Figures 13a–d show the results for the track density for the various reanalyses. They show that synoptic systems are found in most of the tropical region for this season, including West Africa and the tropical Atlantic (Reed et al. 1988; Thorncroft and Hodges 2001), the Caribbean (Riehl 1945; Molinari et al. 1997), the east Pacific (Zehnder et al. 1999), the central and west Pacific (Reed and Recker 1971), and the Indian Ocean (Annamalai et al. 1999). However, it is likely that the nature of the EWs in these regions will vary from region to region, consistent with the different ambient conditions in which they develop.

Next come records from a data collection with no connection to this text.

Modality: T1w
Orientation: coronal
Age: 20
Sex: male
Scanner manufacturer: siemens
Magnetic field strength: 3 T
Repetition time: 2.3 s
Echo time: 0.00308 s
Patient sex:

For example, the presence of marked low-level baroclinicity over West Africa results in very different EW structures (Pytharoulis and Thorncroft 1999) compared with the west Pacific (Reed and Recker 1971). The African region is of particular interest as it is the largest region of land in the NH Tropics that is dominated by EWs and provides an interesting contrast with the predominately oceanic activity of the Atlantic and Pacific.

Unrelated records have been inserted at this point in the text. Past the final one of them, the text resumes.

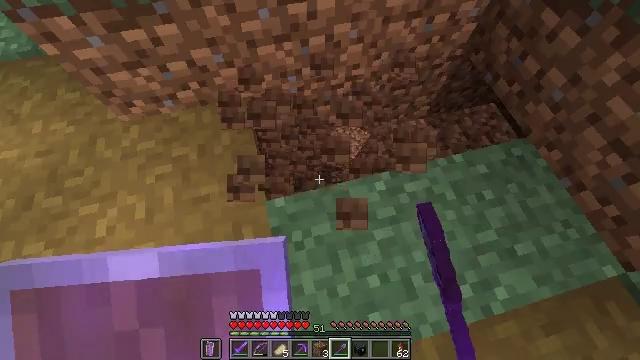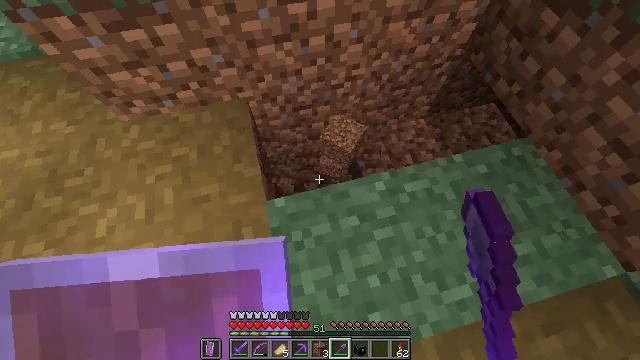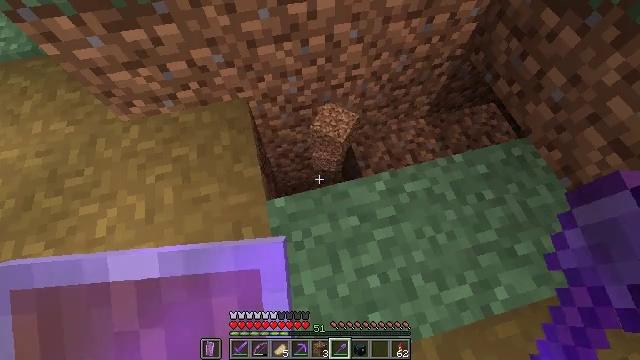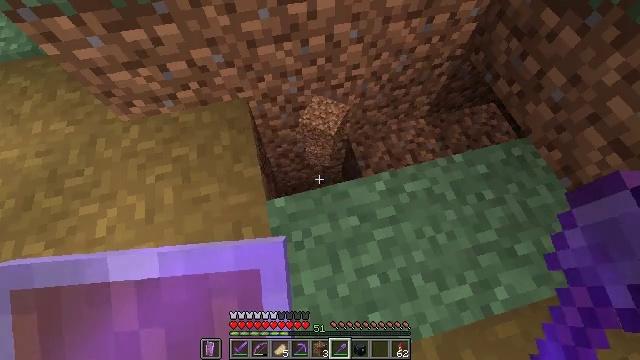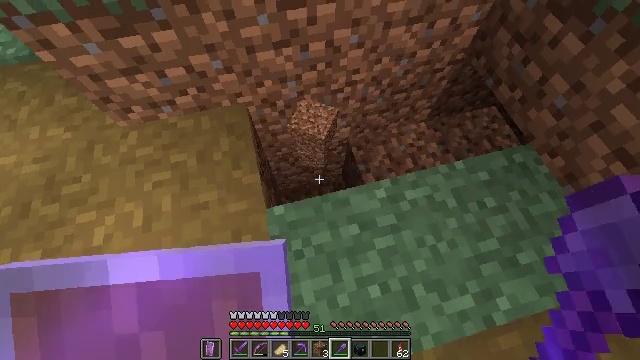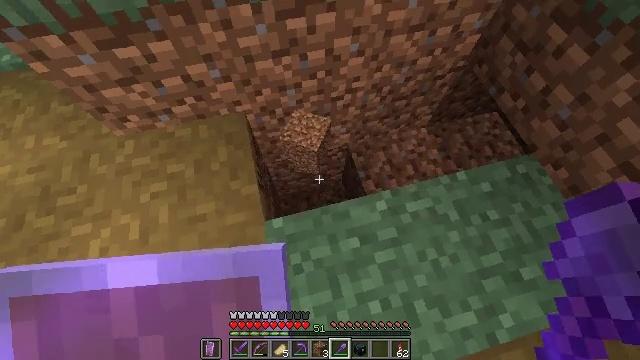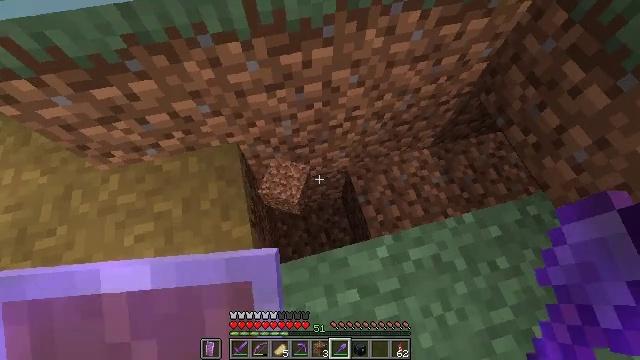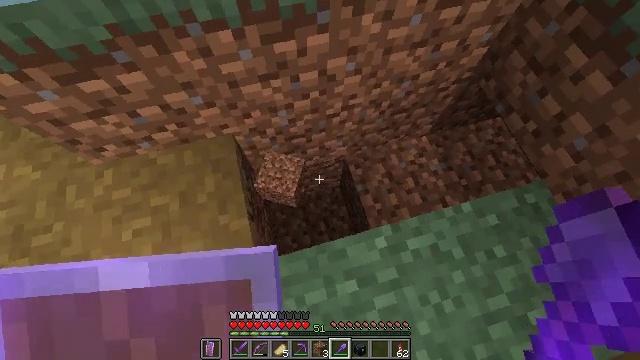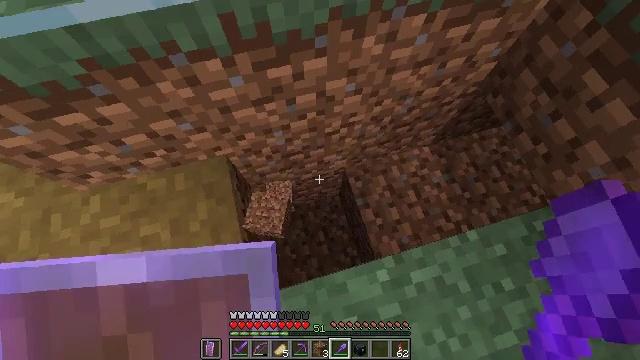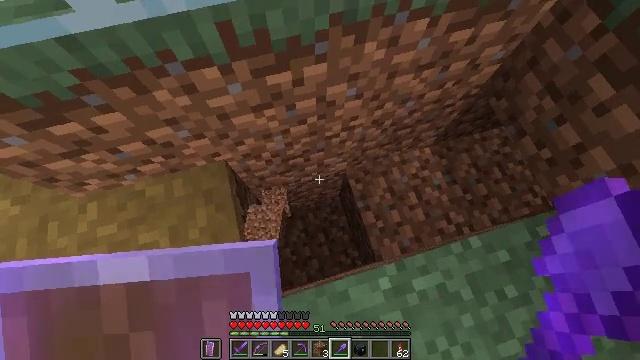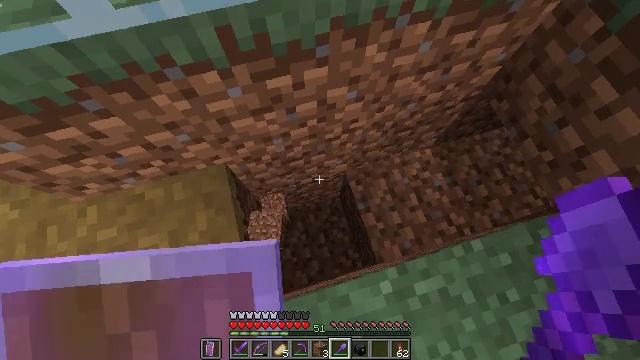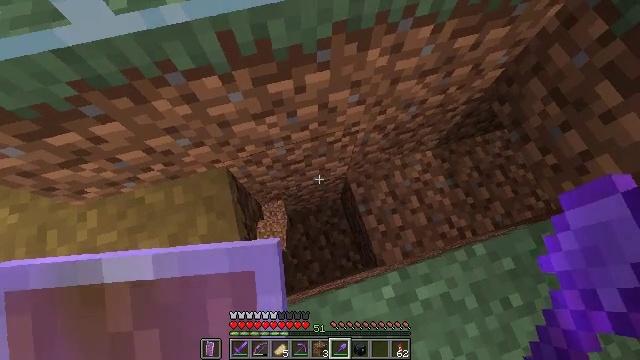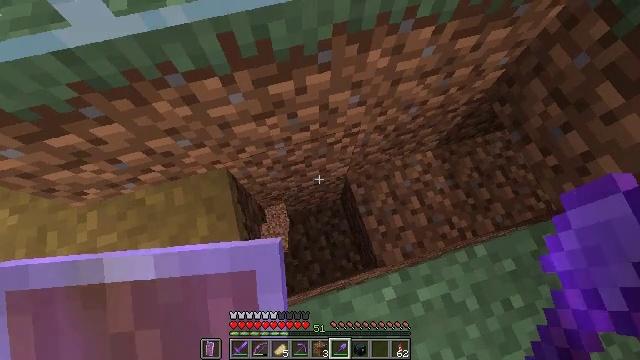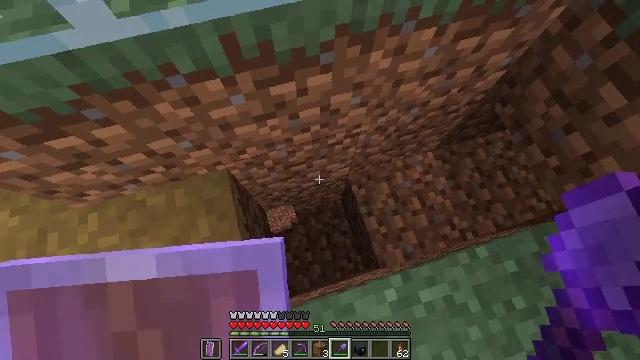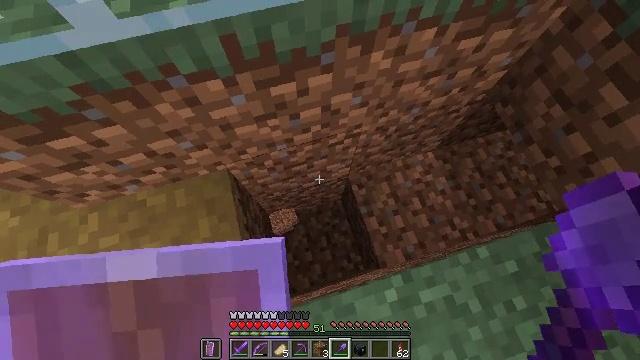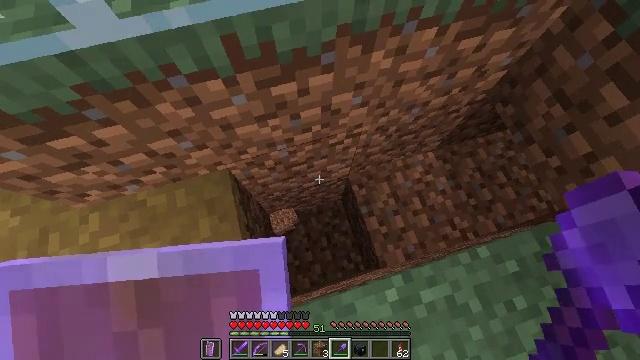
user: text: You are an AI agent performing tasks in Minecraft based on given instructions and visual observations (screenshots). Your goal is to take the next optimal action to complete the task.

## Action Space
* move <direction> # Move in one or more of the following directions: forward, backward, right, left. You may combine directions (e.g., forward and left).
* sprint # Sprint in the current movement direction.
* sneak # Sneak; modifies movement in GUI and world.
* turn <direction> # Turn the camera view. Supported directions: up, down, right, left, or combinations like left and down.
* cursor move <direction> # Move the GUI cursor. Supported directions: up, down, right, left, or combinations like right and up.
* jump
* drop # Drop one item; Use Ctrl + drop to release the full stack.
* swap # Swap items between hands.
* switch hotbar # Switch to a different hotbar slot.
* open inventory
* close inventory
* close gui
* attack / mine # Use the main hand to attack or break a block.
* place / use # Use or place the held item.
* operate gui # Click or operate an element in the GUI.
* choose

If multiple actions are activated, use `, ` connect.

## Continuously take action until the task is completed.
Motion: motion action
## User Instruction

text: Mine grass block from the ground.
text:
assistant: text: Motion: no_op
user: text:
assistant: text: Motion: no_op
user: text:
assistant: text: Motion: no_op
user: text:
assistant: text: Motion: move forward
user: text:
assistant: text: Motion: move forward
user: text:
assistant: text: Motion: move forward
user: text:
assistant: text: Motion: move forward, turn right and down
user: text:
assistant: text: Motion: turn down
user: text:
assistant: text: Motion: no_op
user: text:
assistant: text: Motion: no_op
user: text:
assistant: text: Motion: no_op
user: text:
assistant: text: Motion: no_op
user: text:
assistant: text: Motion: no_op
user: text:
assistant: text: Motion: no_op
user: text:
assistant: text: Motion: no_op
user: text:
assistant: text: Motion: no_op
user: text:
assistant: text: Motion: no_op
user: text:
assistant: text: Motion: no_op
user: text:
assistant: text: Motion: no_op
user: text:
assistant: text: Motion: no_op
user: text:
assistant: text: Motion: no_op
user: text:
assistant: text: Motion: no_op
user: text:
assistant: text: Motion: turn right and up
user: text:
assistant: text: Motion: turn right and up
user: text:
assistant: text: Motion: turn right and up
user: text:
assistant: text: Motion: turn up
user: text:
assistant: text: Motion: no_op
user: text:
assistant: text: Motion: no_op
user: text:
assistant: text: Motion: no_op
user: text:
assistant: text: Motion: no_op

Following Thorncroft and Hodges (2001) the Atlantic EWs are discussed first. Figure 13a shows the results for ERA15 plus post-ERA operational analyses (ERA+). This shows two storm tracks, one poleward of 15°N over West Africa associated with little rainfall and a second located in the general region of the intertropical convergence zone (ITCZ) over the land and the ocean and associated with the main rainy zone. In general, the storm track over the land in the ITCZ region appears quite weak at the 850-hPa level. The main activity in this region occurs at the African easterly jet level (∼700–600 hPa; Thorncroft and Hodges 2001). This dual storm track has been commented on elsewhere (Reed et al. 1988) and is consistent with the strong influence of low-level baroclinicity over the land (Pytharoulis and Thorncroft 1999) and the more important role of moist convection over the ocean. In the analysis of Thorncroft and Hodges (2001) it is commented that the two tracks appear to be separate with very little indication of systems on the more northern track merging with the equatorward track (although this does appear to occur occasionally). This has consequences for tropical cyclogenesis through the expected influence on the vorticity and humidity structure of the EW precursor.
The NCEP–NCAR results (Fig. 13b) also show two storm tracks in this region though they appear to be less separate than in ERA+. This may indicate the influence of the different models used in ERA+ and NCEP–NCAR or perhaps the different resolutions used. The level of activity in this region is somewhat lower than for ERA+ both over the land and the Atlantic Ocean. For the NCEP–DOE activity in this region (Fig. 13c) the situation is very different, with the activity over the land poleward of 15°N very much weaker and the activity in the ITCZ over the ocean showing significantly increased activity. There is also some indication of EWs occurring farther eastward over the land east of Lake Chad, suggesting more coherent systems in the vicinity of the ITCZ over the land. The large differences between NCEP–DOE and the other reanalyses is apparent not just over West Africa and the tropical Atlantic but throughout the Tropics and can probably be attributed to the changes made to the physical parameterizations of the NCEP–NCAR model for NCEP–DOE as discussed below. The impression from the GEOS-1 results (Fig. 13d) is that the northerly track over West Africa is continuous with the more southerly oceanic track, the ITCZ activity over the land being very weak.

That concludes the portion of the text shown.